Last Update:
Packing Bools, Performance tests
Table of Contents
Imagine you have an array of booleans (or an array of ‘conditions’), and you want to pack it - so you use only one bit per boolean. How to do it? Let’s do some experiments!
Updated: 8th May 2017
Read the second part here and also one update.
Motivation
I started writing this post because I came across a similar problem during my work some time ago. The code in one area of our system packed boolean results of a condition into bits. I wondered if I could optimize that process. This ‘algorithm’ is not a rocket science, but as usually, it opened a whole box of details and interesting solutions. So I decided to share it with my readers.
To illustrate the problem, we might think about an image in greyscale. We want to generate another image that has only two colors: white or black; we use a threshold value to distinguish between white and black color from the input image.
outputColor[x][y] = inputColor[x][y] > Threshold;
The input has some integer range (like 0…255), but the output is boolean: true/false.
Like here, image thresholding:
Then we want to pack those boolean values into bits so that we save a
lot of memory. If bool
is implemented as 8bit unsigned char, then we
can save 7/8 of memory!
For example, instead of using 128kb for 256x512 greyscale image, we can now use 16kb only.

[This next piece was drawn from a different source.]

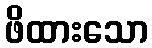
ဖိထားသော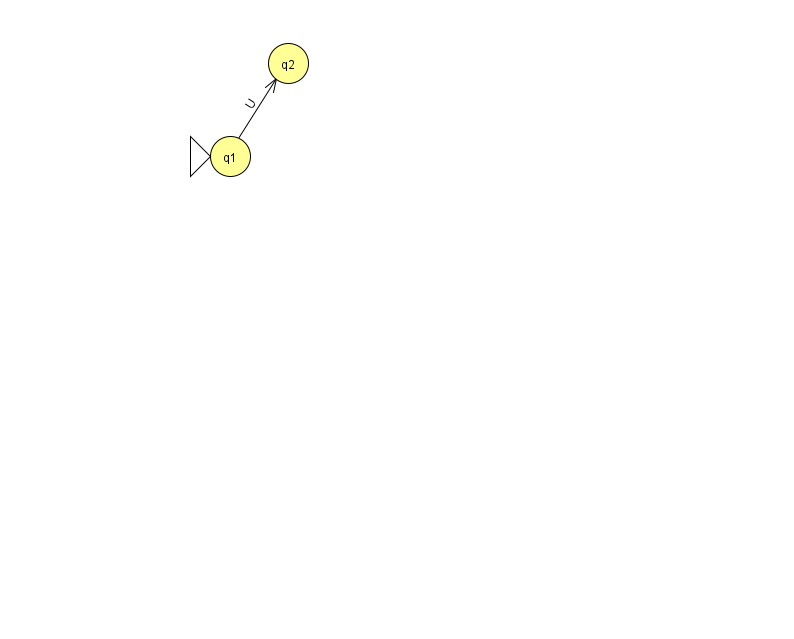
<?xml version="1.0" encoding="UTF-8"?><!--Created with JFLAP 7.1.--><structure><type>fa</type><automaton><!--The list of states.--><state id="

256 X 512 = 131072 (bytes) = 128kb
131072/8 = 16384 (bytes) = 16kb
Should be simple to code… right?
The algorithm
To make things clear let’s make some initial assumptions:
- input:
- array of integer values
- length of the array: N
- threshold value
- output:
- array of BYTES of the length M
- M - number of bytes needed to write N bits
- i-th bit of the array is set when inputArray[i] > threshold.
Brief pseudo code
for i = 0...N-1
byte = pack (input[i] > threshold,
input[i+1] > threshold,
...,
input[i+7] > threshold)
output[i/8] = byte
i+=8
// handle case where N not divisible by 8
Alternatively, we might remove the threshold value and just take input array of booleans (so there won’t be any need to make comparisons).
Drawbacks of packing
Please note that I only focused on the ‘packing’ part. With the packed format you save memory, but there are more instructions to unpack a value. Sometimes this additional processing might cause the slow-down of the whole process! Always measure measure measure because each case might be different!

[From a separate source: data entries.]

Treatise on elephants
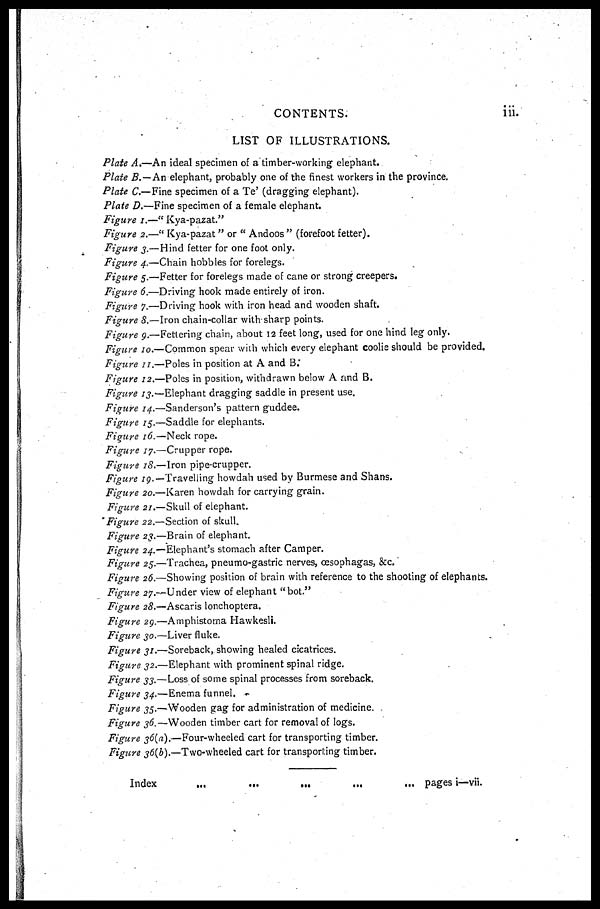
CONTENTS.
iii.
LIST OF ILLUSTRATIONS.
Plate A.—An ideal specimen of a timber-working elephant.
Plate B.—An elephant, probably one of the finest workers in the province.
Plate C.— Fine specimen of a Te' (dragging elephant).
Plate D.—Fine specimen of a female elephant.
Figure 1.—" Kya-pazat."
Figure 2.—" Kya-pazat" or " Andoos " (forefoot fetter).
Figure 3.—Hind fetter for one foot only.
Figure 4.—Chain hobbles for forelegs.
Figure 5.—Fetter for forelegs made of cane or strong creepers.
Figure 6.—Driving hook made entirely of iron.
Figure 7.—Driving hook with iron head and wooden shaft.
Figure 8.—Iron chain-collar with sharp points.
Figure 9.—Fettering chain, about 12 feet long, used for one hind leg only.
Figure 10.—Common spear with which every elephant coolie should be provided.
Figure 11.—Poles in position at A and B.
Figure 12.—Poles in position, withdrawn below A and B.
Figure 13.—Elephant dragging saddle in present use.
Figure 14.—Sanderson's pattern guddee.
Figure 15.—Saddle for elephants.
Figure 16.—Neck rope.
Figure 17.—Crupper rope.
Figure 18.—Iron pipe-crupper.
Figure 19.— Travelling howdah used by Burmese and Shans.
Figure 20.—Karen howdah for carrying grain.
Figure 21.—Skull of elephant.
Figure 22.—Section of skull.
Figure 23.—Brain of elephant.
Figure 24.—Elephant's stomach after Camper.
Figure 25.—Trachea, pneumo-gastric nerves, œsophagas, &c.
Figure 26.—Showing position of brain with reference to the shooting of elephants.
Figure 27.—Under view of elephant "bot."
Figure 28.—Ascaris lonchoptera.
Figure 29.—Amphistorna Hawkesli.
Figure 30.—Liver fluke.
Figure 31.—Soreback, showing healed cicatrices.
Figure 32.—Elephant with prominent spinal ridge.
Figure 33.—Loss of some spinal processes from soreback.
Figure 34.—Enema funnel.
Figure 35.—Wooden gag for administration of medicine.
Figure 36.—Wooden timber cart for removal of logs.
Figure 36(a).— Four-wheeled cart for transporting timber.
Figure 36(b).—Two-wheeled cart for transporting timber.
Index
...
...
...
...
...
pages i—vii.

This problem is similar to compression algorithms, although packing is usually much faster process. As always, there’s a conflict between the storage and the computation power (Space–time tradeoff).
The benchmark
I want to compare several implementations:
- the baseline: no packing: just store boolean values
- std::bitset
- std::vector of bools
- one ‘manual’ version
- second ‘manual’ version
- threshold value: 127 so we’ll get 50% of chances to get
true
andtrue
.
Plus, the next time we’ll also add parallel options…

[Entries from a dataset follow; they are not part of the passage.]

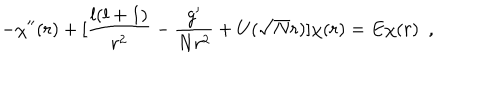
- \chi ^ { \prime \prime } ( r ) + [ \frac { l ( l + 1 ) } { r ^ { 2 } } - \frac { g ^ { \prime } } { N r ^ { 2 } } + U ( \sqrt { N } r ) ] \chi ( r ) = E \chi ( r ) \, \, \, ,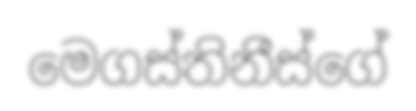
මෙගස්තිනීස්ගේ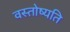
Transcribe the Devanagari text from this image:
वस्तोष्यति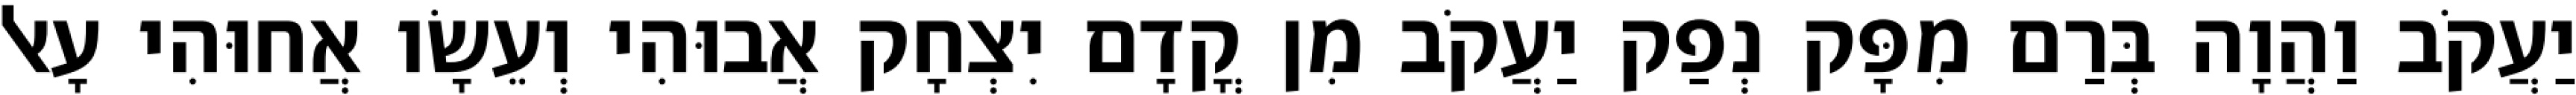
יַעֲקֹב וַהֲוָה בְּרַם מִפָּק נְפַק יַעֲקֹב מִן קֳדָם יִצְחָק אֲבוּהִי וְעֵשָׂו אֲחוּהִי עָאל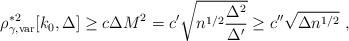
LaTeX: \begin{align*} \rho^{*2}_{\gamma,\mathrm{var}}[k_0,\Delta]\geq c \Delta M^2= c' \sqrt{n^{1/2} \frac{\Delta^2}{\Delta'}}\geq c''\sqrt{\Delta n^{1/2}}\ ,\end{align*}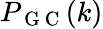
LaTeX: P_{\mathrm{~G~C~}}(k)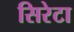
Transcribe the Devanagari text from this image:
सिरेटा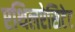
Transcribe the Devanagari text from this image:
एथिलऐसिटेट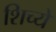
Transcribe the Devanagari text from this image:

For the benchmarking library, I decided to use Celero. You can find more details about using it in my post about Benchmarking Libs for C++.
With Celero there’s an easy way to express different options for the
benchmark. So for example, I’d like to run my code against different
sizes of the input array: like 100k, 200k, … Also, there’s a clean way
to provide setUp
/tearDown
methods that will be invoked before each
run.
The base fixture provides input array:
inputValues.reset(new int[N]);
referenceValues.reset(new bool[N]);
arrayLength = N;
//Standard mersenne_twister_engine seeded with 0, constant
std::mt19937 gen(0);
std::uniform_int_distribution<> dist(0, 255);
// set every byte
for (int64_t i = 0; i < experimentValue; ++i)
{
inputValues[i] = dist(gen);
referenceValues[i] = inputValues[i] > ThresholdValue;
}
The baseline
Originally I used the bitset
version as a baseline, but that could be
misleading. Thanks to the comments I’ve updated the benchmarks. It’s
much better to see the ‘no packing’ version as the baseline, so that we
can see if we gain something or not.
It might happen than versions with packing will perform slower than the simple approach.
The code is as follows:
for (size_t i = 0; i < arrayLength; ++i)
outputValues[i] = inputValues[i] > ThresholdValue;
outputValues
is an array of bool
.
Do you like perf optimization topics? Signup to my newsletter for more.
std::bitset<N>
OK, this version will be really simple, take a look:
for (int64_t i = 0; i < arrayLength; ++i)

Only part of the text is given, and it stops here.